All incoming mail goes through these seven layers of protection:
Seven Layers of Protection
1. Reverse DNS SMTP Check
2. Remote Black Hole SMTP Check
3. Recipient Check
4. Suspect Windows Virus BotNet Connections
5. Customer Sent Mail
6. Spam Reject
7. Virus Detection
Layer 1 Reverse DNS SMTP Check
The first layer uses a reverse DNS check from the senders IP. It checks to make sure we have a valid reverse DNS. The IPs of a mail server should have reverse DNS (PTR) entries. RFC1912 2.1 says you should have a reverse DNS for all your mail servers. It has become an increasing common practice and standard operating procedure for all mail servers to not accept mail from mail servers without a reverse DNS entry.
Layer 2 Remote Black Hole SMTP Check
The IP address of the sender is checked against "remote black hole" lists. We recommend and use sbl-xbl.spamhaus.org. This real time list keeps track of IP addresses that have been reported and confirmed to be sending spam. The sbl part of the list keeps track of email servers sending spam. The xbl part of the list keeps track of machines that have been exploited and are sending spam. So, if the sender is on one of these lists we reject the email during the smtp conversation with a failure message. A failure message tells the sender to not attempt to send the email again.
Layer 3 Recipient Check
The third layer uses the chk-user patch to the qmail-smtpd daemon. It checks to make sure the recipient exists on the machine. It checks for email accounts, mailing lists and aliases. If none of these exist for the recipient then it rejects the email with a failure, telling the sender to not send the email again.
Without this layer, all incoming email is accepted. Any of the email which can't be delivered locally (no existing user accounts) is normally bounced back to the sender. The problem is, most spam sites do not accept the returned bounce message. This means the email will stay in the queue for days (default 7 days) and qmail will keep attempting delivery.

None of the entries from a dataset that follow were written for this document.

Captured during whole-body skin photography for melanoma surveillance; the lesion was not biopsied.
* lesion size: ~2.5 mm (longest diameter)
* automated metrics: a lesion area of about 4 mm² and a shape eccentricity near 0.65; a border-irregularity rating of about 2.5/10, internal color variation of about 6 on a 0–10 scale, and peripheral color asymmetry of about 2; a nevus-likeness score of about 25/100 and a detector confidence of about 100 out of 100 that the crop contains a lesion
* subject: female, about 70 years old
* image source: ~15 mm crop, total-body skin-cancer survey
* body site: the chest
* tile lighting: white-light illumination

The chk-user layer keeps all of this email off the machine.
Layer 4 Suspect Windows Virus BotNet Connections
The next layer takes a finger print of the packet to determine the source of the email. New sophisticated viruses, worms and bots (BotNet) turn PC's into rogue mailing machines on the Internet. Typical users aren't going to know about their presence. They operate quietly in the background, belonging to users who unknowingly downloaded nasty programs. The infected computer then begins to send out spam without the knowledge of the owner. This makes them hard to spot if you're using only a few filtering techniques. The sudden appearance of new sources of spam also makes it more difficult for companies to rely merely on RBL's of known junk e-mail distributors. Multiple source filtering is needed.

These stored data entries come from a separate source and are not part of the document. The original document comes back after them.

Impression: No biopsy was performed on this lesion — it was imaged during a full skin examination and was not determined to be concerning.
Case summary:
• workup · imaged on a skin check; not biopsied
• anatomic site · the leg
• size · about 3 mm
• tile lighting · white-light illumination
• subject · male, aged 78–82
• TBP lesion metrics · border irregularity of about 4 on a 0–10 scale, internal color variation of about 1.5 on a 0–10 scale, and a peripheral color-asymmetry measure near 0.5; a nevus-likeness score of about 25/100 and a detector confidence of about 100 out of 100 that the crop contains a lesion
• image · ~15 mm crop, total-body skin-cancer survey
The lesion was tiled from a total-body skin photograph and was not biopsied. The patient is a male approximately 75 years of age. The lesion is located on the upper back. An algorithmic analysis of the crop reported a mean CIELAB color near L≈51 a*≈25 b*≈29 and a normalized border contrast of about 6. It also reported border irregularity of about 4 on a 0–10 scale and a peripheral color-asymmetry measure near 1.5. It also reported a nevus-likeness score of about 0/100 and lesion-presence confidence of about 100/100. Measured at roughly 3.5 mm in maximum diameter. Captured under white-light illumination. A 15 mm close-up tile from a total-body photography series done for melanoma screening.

The explosion of image spam this year is largely due to an increase of BotNet Connections.
Layer 5 Customer Sent Mail
Next the email is examined for customer sent qualities. If valid, the customers are able to email with authority.
Layer 7 Virus Detection
The last step is when email is sent through the ClamAV anti virus scanning system. If the email contains a virus, an error message is passed up to the smtp daemon which returns a failure message to the sender. This keeps all viruses off the machine.